◆ TO DO:
From start to end, write out the following data exactly, apart from its images.

╭─ DATA FOR REVIEW

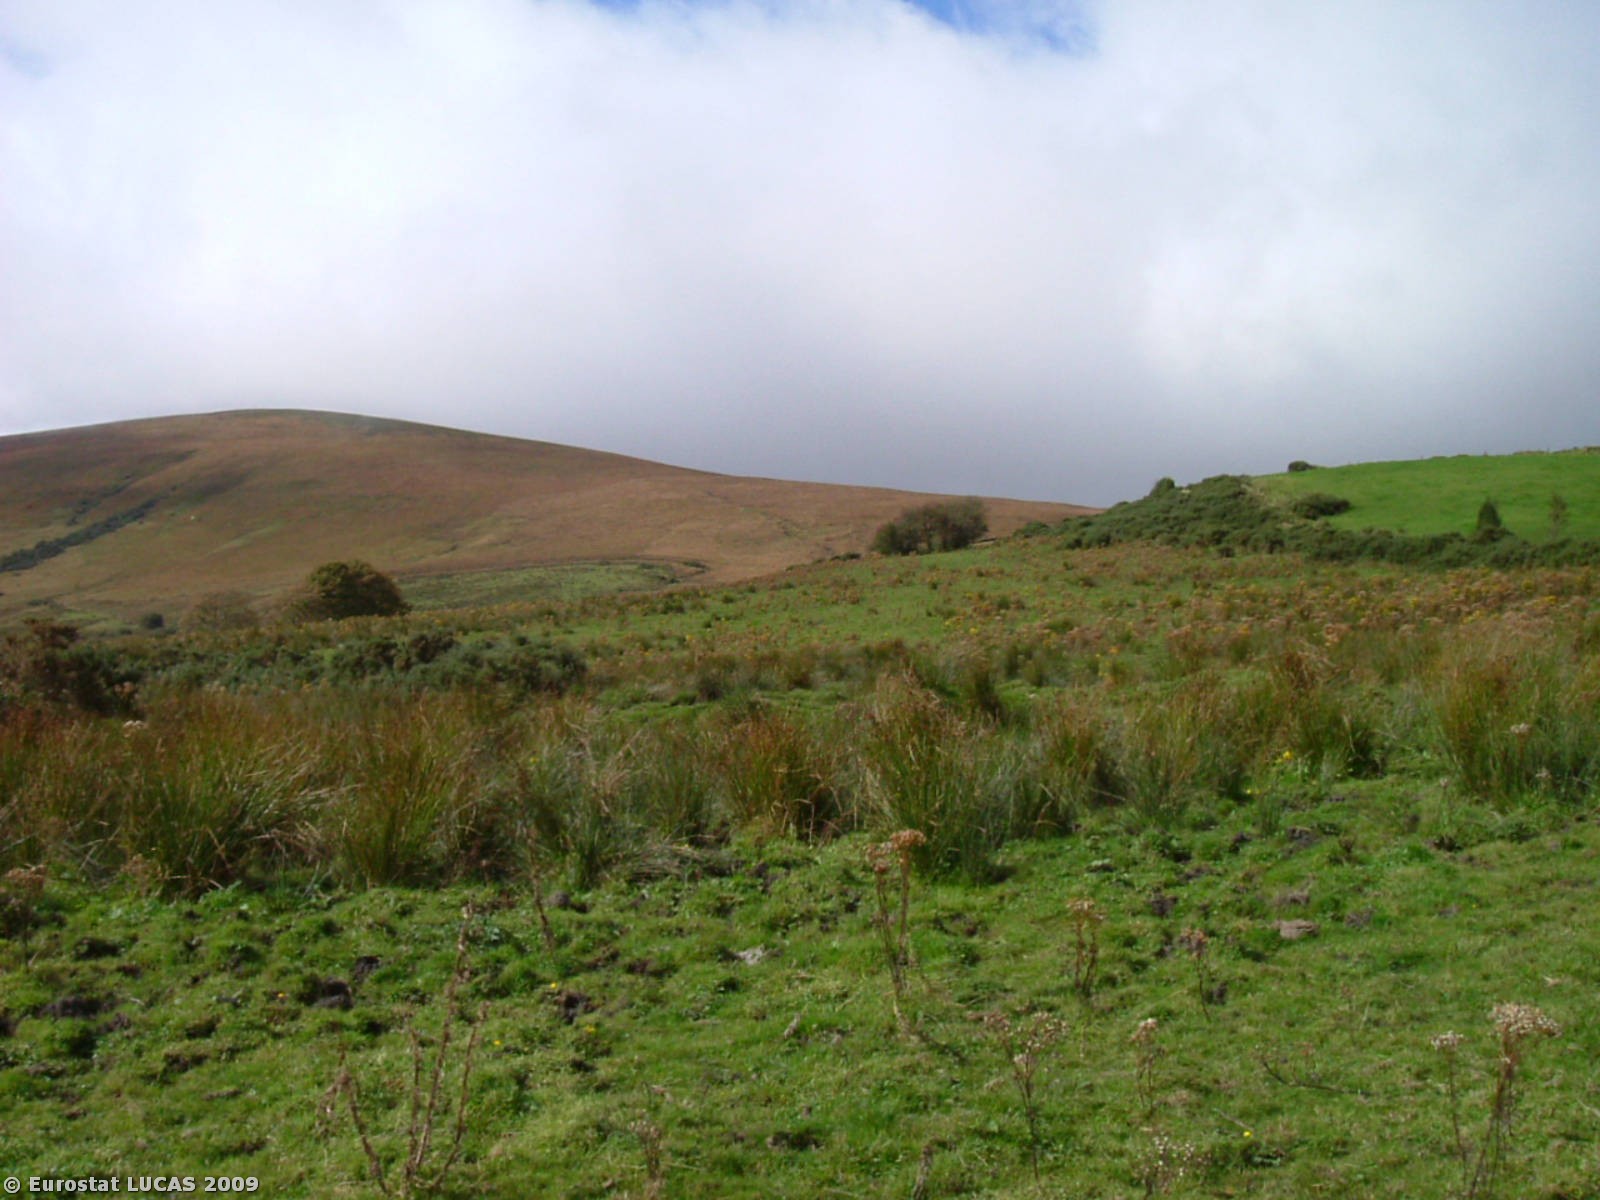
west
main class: Grassland
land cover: Grassland without tree/shrub cover
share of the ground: > 75 %
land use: Agriculture (excluding fallow land and kitchen gardens)
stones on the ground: < 10 %
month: September
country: IE
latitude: 52.7118
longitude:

╰─

◆ RESPONSE TO THIS TASK:
west
main class: Grassland
land cover: Grassland without tree/shrub cover
share of the ground: > 75 %
land use: Agriculture (excluding fallow land and kitchen gardens)
stones on the ground: < 10 %
month: September
country: IE
latitude: 52.7118
longitude:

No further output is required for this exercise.